Yikes. But Congress also said this: You didn't bolster your credibility this week as much as you need to if you want a bailout. We'll give you another shot at this because we're in power and we don't want you to go bankrupt. So don't screw it up.
Big Three needs to dig out
As scary as this is for what it says about the a) deep, potentially fatal sickness afflicting Detroit's automakers and b) the deeply sickening injection of politicians and their arcane agendas into business planning, it shouldn't be entirely surprising. The Big Three bosses mostly bombed in two days of testimony on Capitol Hill and their near-term financial prospects are even worse.
Instead of giving skeptical members of Congress good reasons to green-light plans to approve billions in direct loans to GM, Ford Motor Co. and Chrysler LLC, the CEOs muffed questions about their pay -- and that was just the beginning.
United Auto Workers President Ron Gettelfinger forgot he wasn't talking to a Michigan Legislature accustomed to the union's '70s-era riffs on "sacrifice." This is a country where 7.5 percent of the private-sector workforce is unionized, hardly evidence of a majority.
But the CEOs? They muffed it worse, first by walking into a cheap political trap about the use of corporate aircraft. They failed to show how their companies would revive with the help of taxpayer money. And they showed a stunning misunderstanding of symbolism in an overtly political arena.
Symbols matter in bailout
"The importance of substance is critical," GM's Wagoner told The Detroit News on Thursday, "but the importance of symbol is, as well. We understand that."

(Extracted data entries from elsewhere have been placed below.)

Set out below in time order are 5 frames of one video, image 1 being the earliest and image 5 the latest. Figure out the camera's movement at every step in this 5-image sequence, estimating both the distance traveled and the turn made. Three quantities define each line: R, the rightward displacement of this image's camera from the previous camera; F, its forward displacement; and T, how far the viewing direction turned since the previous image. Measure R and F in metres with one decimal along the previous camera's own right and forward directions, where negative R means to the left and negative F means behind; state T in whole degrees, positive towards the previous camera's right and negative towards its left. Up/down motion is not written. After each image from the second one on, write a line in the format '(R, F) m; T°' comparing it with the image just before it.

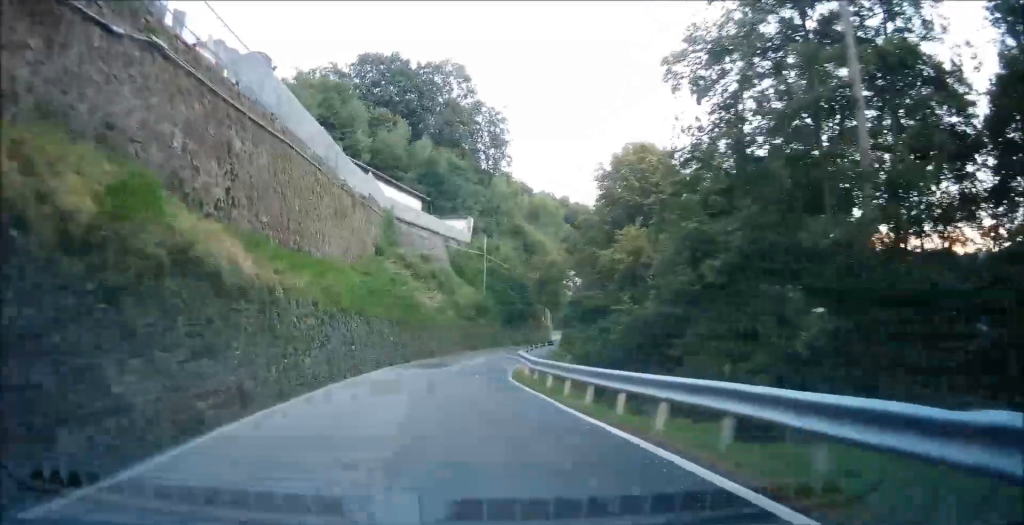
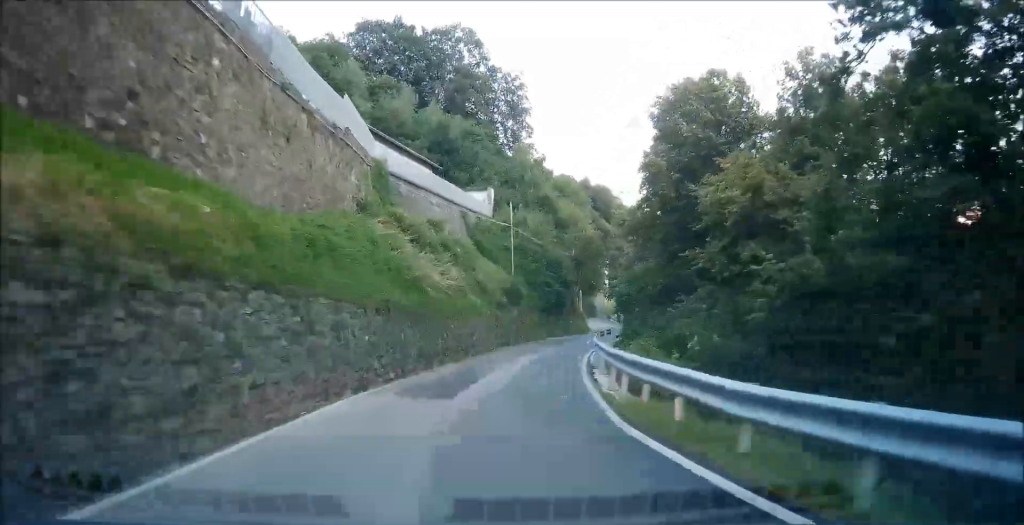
(-0.4, +12.0) m; -1°
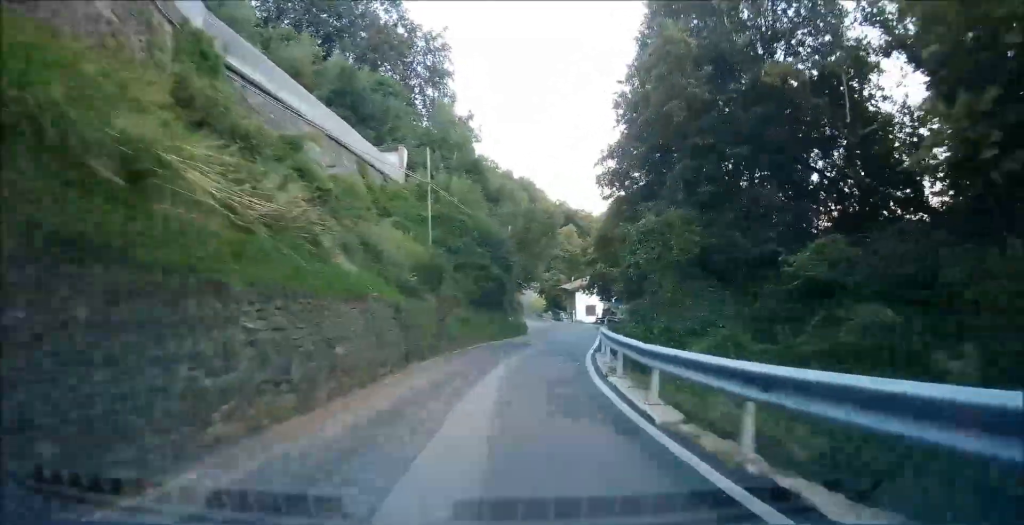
(+0.4, +15.8) m; +3°
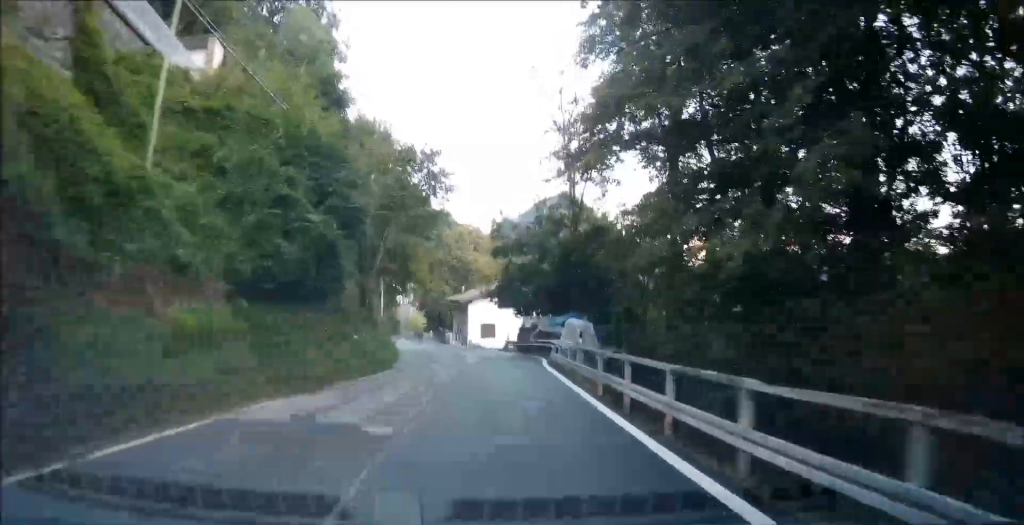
(+0.9, +22.4) m; +6°
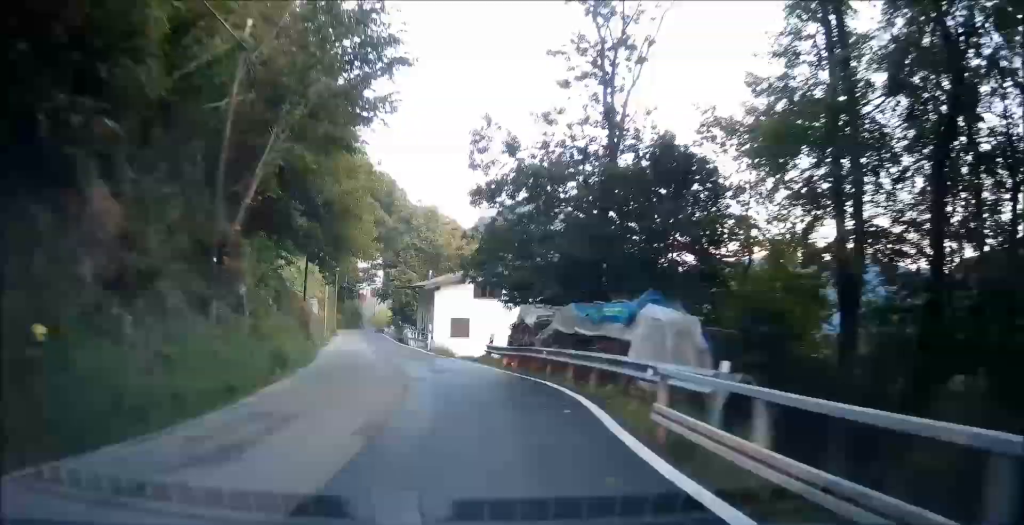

Now? If these guys want to coalesce their troops and, perhaps, some of the general public around their government-financed rescues, they'll need to get serious about publicly eliminating some of the perks that most of corporate America lives without. They'll send a message and -- gasp! -- save some dough in the process.
Where was Ford Motor Co.'s pledge to close its executive dining room? Why didn't General Motors Corp. pledge to suspend its executive-car programs, complete with free gas and insurance? Did any of the CEOs even consider flying to Washington on Northwest Airlines, preferably in the back of the plane?
Probably not, but I'm guessing they'll be reconsidering after the blowback this week.